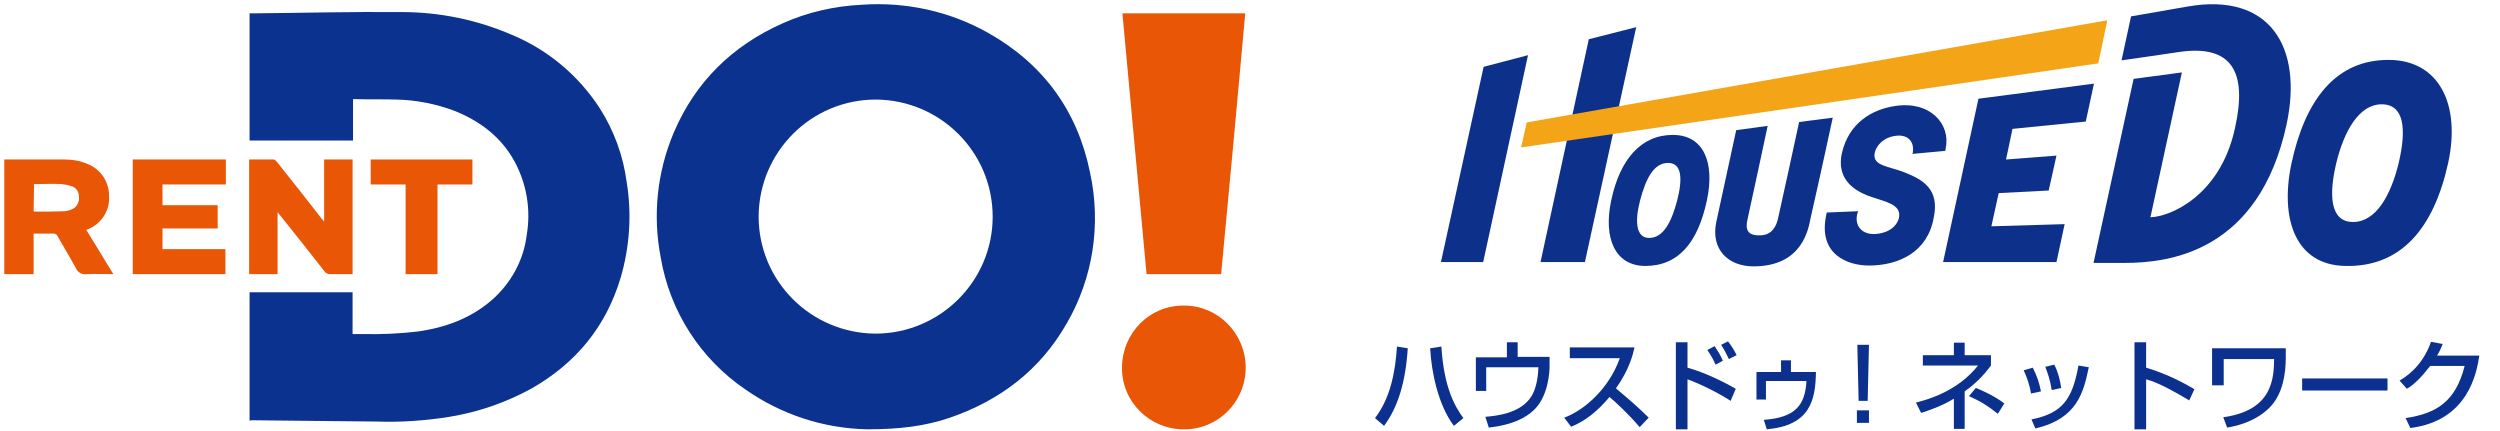 <?xml version="1.0" encoding="utf-8"?>
<!-- Generator: Adobe Illustrator 22.1.0, SVG Export Plug-In . SVG Version: 6.00 Build 0)  -->
<svg version="1.1" id="レイヤー_2_1_" xmlns="http://www.w3.org/2000/svg" xmlns:xlink="http://www.w3.org/1999/xlink" x="0px"
	 y="0px" viewBox="0 0 580 100" style="enable-background:new 0 0 580 100;" xml:space="preserve">
<style type="text/css">
	.st0{fill:#0C328F;}
	.st1{fill:#E95605;}
	.st2{fill:#E95706;}
	.st3{fill:#E95606;}
	.st4{fill:#0D318B;}
	.st5{fill:#F4A417;}
	.st6{fill:#0B308E;}
</style>
<title>logo</title>
<g>
	<path class="st0" d="M201.2,99.6c-10.1-0.2-19.9-3.4-28.2-9.2c-10.5-7.1-17.6-18.2-19.7-30.6c-1.9-9.7-0.9-19.8,3-29
		c5-11.8,13.6-20.2,25.3-25.4c5.8-2.6,12.1-4,18.4-4.3c10.2-0.7,20.3,1.5,29.2,6.5c12.8,7.2,20.8,18.1,23.7,32.5
		c2.6,11.9,0.7,24.4-5.4,34.9c-6.2,10.9-15.6,18-27.4,22C214.7,98.8,209,99.6,201.2,99.6z M230.3,50.3c0-15-12.1-27.1-27.1-27.2
		c-15,0-27.1,12.1-27.2,27.1c0,15,12.1,27.1,27.1,27.2C218.1,77.4,230.3,65.2,230.3,50.3z"/>
	<path class="st0" d="M57.9,97.6V67.8h23.9v9.7h2.4c4.3,0.1,8.6-0.1,12.8-0.6c6.3-0.9,12.1-3,17-7.2c4.5-3.9,7.5-9.3,8.2-15.2
		c1-5.8,0-11.8-2.8-17c-3.1-5.7-8-9.4-14-11.8c-4.3-1.6-8.8-2.5-13.4-2.6c-3.2-0.1-6.3,0-9.5-0.1h-0.6v9.6H57.9V3.1
		c0.2,0,0.3,0,0.5,0C70,3,81.6,2.7,93.2,2.8c8.8,0,17.5,1.8,25.6,5.3c8.4,3.5,15.5,9.5,20.4,17.1c3.3,5.2,5.4,11,6.2,17.1
		c1.2,7.4,0.7,14.9-1.4,22.1c-3.4,11.4-10.4,19.9-20.8,25.8c-5.9,3.2-12.2,5.4-18.9,6.5c-5.6,0.9-11.3,1.3-16.9,1.1
		c-9.7-0.1-19.3-0.2-29-0.3L57.9,97.6z"/>
	<path class="st1" d="M283.3,63.6H266c-1.9-20.2-3.7-40.3-5.6-60.5h28.5C287.1,23.3,285.2,43.4,283.3,63.6z"/>
	<path class="st1" d="M289,85.3c0,7.9-6.4,14.4-14.4,14.3c-7.9,0-14.4-6.4-14.3-14.4s6.4-14.4,14.4-14.3c0,0,0,0,0.1,0
		C282.6,70.9,289,77.4,289,85.3z"/>
	<path class="st2" d="M57.9,37c1.9,0,3.8,0,5.6,0c0.2,0,0.5,0.3,0.7,0.5c3.5,4.4,7,8.8,10.4,13.2l0.6,0.7V37h6.6v26.6h-0.7
		c-1.5,0-3,0-4.6,0c-0.4,0-0.9-0.2-1.1-0.5c-3.5-4.5-7.1-9-10.7-13.5c-0.1-0.1-0.2-0.2-0.3-0.4v14.4h-6.6V37z"/>
	<path class="st3" d="M20,53.3l6.3,10.3c-2.1,0-4.2-0.1-6.2,0c-1,0.2-2.1-0.4-2.5-1.4c-1.4-2.6-2.9-5-4.3-7.5
		c-0.1-0.3-0.5-0.5-0.8-0.5c-1.5,0-3.1,0-4.7,0v9.4H1V37c0.2,0,0.4,0,0.6,0c4.4,0,8.9,0,13.4,0c1.8,0,3.6,0.3,5.2,1
		c3.2,1.2,5.2,4.3,5.1,7.6c0.2,3.2-1.7,6.2-4.7,7.5C20.4,53.2,20.2,53.3,20,53.3z M7.8,49C7.9,49,8,49.1,8,49.1c2.4,0,4.7,0,7.1-0.1
		c0.7-0.1,1.3-0.3,1.9-0.6c1-0.6,1.5-1.8,1.3-2.9c0-1.1-0.7-2-1.7-2.3c-0.8-0.3-1.6-0.4-2.4-0.5c-1.9-0.1-3.9,0-5.8,0H7.9L7.8,49z"
		/>
	<path class="st2" d="M52.4,37v5.8H37.7v4.8h12.8V53H37.7v4.8h14.6v5.8H30.8V37H52.4z"/>
	<path class="st2" d="M94.1,42.8H86V37h23.6v5.8h-8.1v20.8h-7.4V42.8z"/>
</g>
<g>
	<path class="st4" d="M425.2,27.3l-7.8,1c0,0-4.7,21.7-4.9,22.4c-0.3,1.4-1.2,3.9-4.2,3.9c-2.9,0.1-3.4-1.4-2.9-3.6
		c0.6-2.6,4.7-21.8,4.7-21.8l-7.3,1c0,0-3.3,15.3-4.6,21.2c-1.4,6.4,2.7,10.4,8.6,10.4c11.6,0,12.8-9,13.3-11.4
		C422.1,41.7,425.2,27.3,425.2,27.3"/>
	<polygon class="st4" points="368.6,9.1 357.4,60.8 367.7,60.8 379.6,6.3 	"/>
	<polygon class="st4" points="344.2,15.5 334.3,60.8 344.1,60.8 354.5,12.8 	"/>
	<polygon class="st4" points="483.9,28.2 485.8,19.4 459,22.9 450.8,60.8 477.1,60.8 479,52 462,52.5 463.7,44.8 475.3,44.2 
		477.1,36.1 465.4,37 466.9,29.9 	"/>
	<path class="st4" d="M507.6,1.5c-3.5,0.6-13.2,2.3-13.2,2.3l-2.2,10.2c0,0,11.3-1.6,13.1-1.9c12.4-1.9,16.2,4.4,13.2,17.7
		c-3.4,15.6-15,20.5-19.6,20.6l7.3-33.6l-11.2,1.5l-9.3,42.7h7.2c10.3,0,31.2-2.5,37.6-32.2C534.3,11,526.7-1.8,507.6,1.5"/>
	<path class="st4" d="M441.6,39.9c-3.3-1.3-7.1-1.4-6.7-4.2c0.3-2,2.2-3.9,5-4.2c2.4-0.3,4.2,1,3.9,3.7c0,0.1-0.1,0.5-0.1,0.5
		l7.6-0.7c0,0,0.1-0.4,0.1-0.6c1.2-5.6-3.6-11.1-11.8-9.8c-5.3,0.8-10.7,3.9-12.3,11c-1.1,5.2,1.8,8.4,6.9,10.1
		c3.2,1.1,6.8,1.7,6.4,4.6c-0.3,1.9-2.2,3.9-5.9,4c-2.8,0-4.5-2-3.8-4.7c0-0.1,0.2-0.6,0.2-0.6l-7.3,0.3c0,0-0.1,0.4-0.1,0.5
		c-2,9.2,4.9,11.8,9.9,11.8c7,0,13.6-3.2,15-11C450.1,43.8,446,41.6,441.6,39.9"/>
	<path class="st4" d="M388.1,31.3c7.1,0,9.8,6.3,7.9,15.2c-2.1,9.8-6.6,15.2-14.3,15.2c-6.9,0-9.8-6.3-7.9-15.2
		C375.8,37,380.7,31.3,388.1,31.3 M382.6,55.2c3.3,0,5.2-3.7,6.5-8.7c1.3-5,1.1-8.7-2.1-8.7c-3.4,0-5.2,3.8-6.5,8.7
		C379.2,51.5,379.6,55.2,382.6,55.2"/>
	<path class="st4" d="M554.5,13.9c11.3,0.2,16.4,10.2,13.5,23.8c-3.4,15.5-11.1,24.3-23.9,24c-11.5-0.2-15.2-10.8-12.5-23.7
		C534.7,23.5,541.7,13.7,554.5,13.9 M545.9,51.5c5.4,0,8.8-6.3,10.6-13.7c1.8-7.7,1.4-13.7-4.1-13.6c-5.1,0.1-8.6,6.2-10.4,13.7
		C540.3,45.1,540.5,51.5,545.9,51.5"/>
	<polygon class="st5" points="488.9,4.7 354.2,28.4 352.9,34.2 486.8,14.7 	"/>
	<g>
		<path class="st6" d="M319,97c3.6-4.7,4.7-10.7,5.1-16.6l2.5,0.4c-0.5,7.9-2.3,13.7-5.5,18L319,97z M334.4,80.4
			c0.6,9.8,3.3,14.1,5.1,16.6l-2.2,1.8c-3.6-4.8-5.2-12.3-5.5-18L334.4,80.4z"/>
	</g>
	<g>
		<path class="st6" d="M352.1,79.3v3.5h7.4l0,2.1c0,1.5-0.3,7-3.6,10.2c-2,1.9-5.1,3.5-10.5,4.1l-0.8-2.5c2.1-0.2,8.4-0.6,10.9-5.1
			c1.3-2.4,1.4-5.9,1.4-6.4h-12.1v5.5h-2.4v-7.8h7.2v-3.5H352.1z"/>
	</g>
	<g>
		<path class="st6" d="M362.9,96.9c4.8-1.8,10.4-6.8,12.9-13.8h-11.6v-2.5h15c-0.3,1.4-1.1,5-4.3,9.5c2.6,2.2,5.2,4.4,7.6,6.8
			l-2.1,2.2c-2.5-3-5.9-6.1-7-7c-2.6,3.1-5.4,5.5-8.9,6.9L362.9,96.9z"/>
	</g>
	<g>
		<path class="st6" d="M391.5,79.4v5.9c5,1.4,10,4.2,11.2,4.9l-1.2,2.8c-2.9-1.9-7.2-4-10-5v11.6h-2.7V79.4H391.5z M398,84.6
			c-0.4-1-0.9-1.9-1.9-3.4l1.7-0.9c0.9,1.4,1.4,2.2,1.9,3.4L398,84.6z M401.1,83.3c-0.5-1.1-1.2-2.4-1.8-3.3l1.6-0.8
			c0.9,1.2,1.3,1.8,2,3.2L401.1,83.3z"/>
	</g>
	<g>
		<path class="st6" d="M415.5,83.6v2.7h5.8c-0.1,6.5-1.3,12.4-11.4,13.3l-0.7-2.2c7.2-0.5,9.6-3.3,9.9-9h-9.4v4.3h-2.2v-6.4h5.7
			v-2.7H415.5z"/>
	</g>
	<g>
		<path class="st6" d="M433.6,80l-0.3,13h-2.1l-0.3-13H433.6z M433.6,95.2v2.9h-2.8v-2.9H433.6z"/>
		<path class="st6" d="M455.8,99.5h-2.5v-7c-3,1.8-5.8,2.7-7.6,3.3l-1.2-2.4c3.2-0.8,9.8-2.8,14.4-8.6h-12.8v-2.4h7.2v-2.9h2.5v2.9
			h6.1v2.4c-1,1.3-2.7,3.6-6.1,6V99.5z M463.5,96c-2.4-1.9-4-2.9-6.7-4.1l1.6-1.9c1.3,0.5,4.4,1.9,6.6,3.6L463.5,96z"/>
		<path class="st6" d="M471.2,91.3c-0.3-1.9-0.9-3.6-1.7-5.4l2.1-0.6c1.1,2.2,1.5,3.5,1.9,5.5L471.2,91.3z M471.3,97.3
			c7.1-1.4,9.5-4.6,10.9-12.5l2.4,0.4c-1.2,5.6-2.5,11.9-12.4,14.2L471.3,97.3z M476,90.5c-0.4-2.6-1-4.1-1.5-5.4l2.1-0.5
			c1,2,1.4,4,1.6,5.4L476,90.5z"/>
		<path class="st6" d="M497.9,79.4v5.9c5.4,1.6,9.7,4.1,11.2,5l-1.2,2.6c-2.5-1.5-6.9-4.1-10-4.9v11.6h-2.7V79.4H497.9z"/>
		<path class="st6" d="M530.3,80.7l0,2.3c0,3.7-0.7,8.7-4,11.8c-3.5,3.3-7.9,4.1-9.6,4.4l-0.9-2.4c11.6-1.6,11.7-9.2,11.8-13.5
			h-11.7v6.1h-2.7v-8.6H530.3z"/>
		<path class="st6" d="M553.9,87.8v2.8h-19.8v-2.8H553.9z"/>
		<path class="st6" d="M575.2,82.5c-0.6,3.9-2.5,15.1-16,16.8l-1.1-2.3c7.3-1.1,11.6-3.9,13.7-12.1h-8c-2,2.6-3.7,4.3-5.4,5.3
			l-1.7-1.9c1.3-0.8,5.2-3.1,7.3-9l2.7,0.5c-0.3,0.7-0.5,1.4-1.3,2.7H575.2z"/>
	</g>
</g>
</svg>

> [Exercise] All lines with the word "fill" should be copied from the material above.

> [Answer to the problem]
	.st0{fill:#0C328F;}
	.st1{fill:#E95605;}
	.st2{fill:#E95706;}
	.st3{fill:#E95606;}
	.st4{fill:#0D318B;}
	.st5{fill:#F4A417;}
	.st6{fill:#0B308E;}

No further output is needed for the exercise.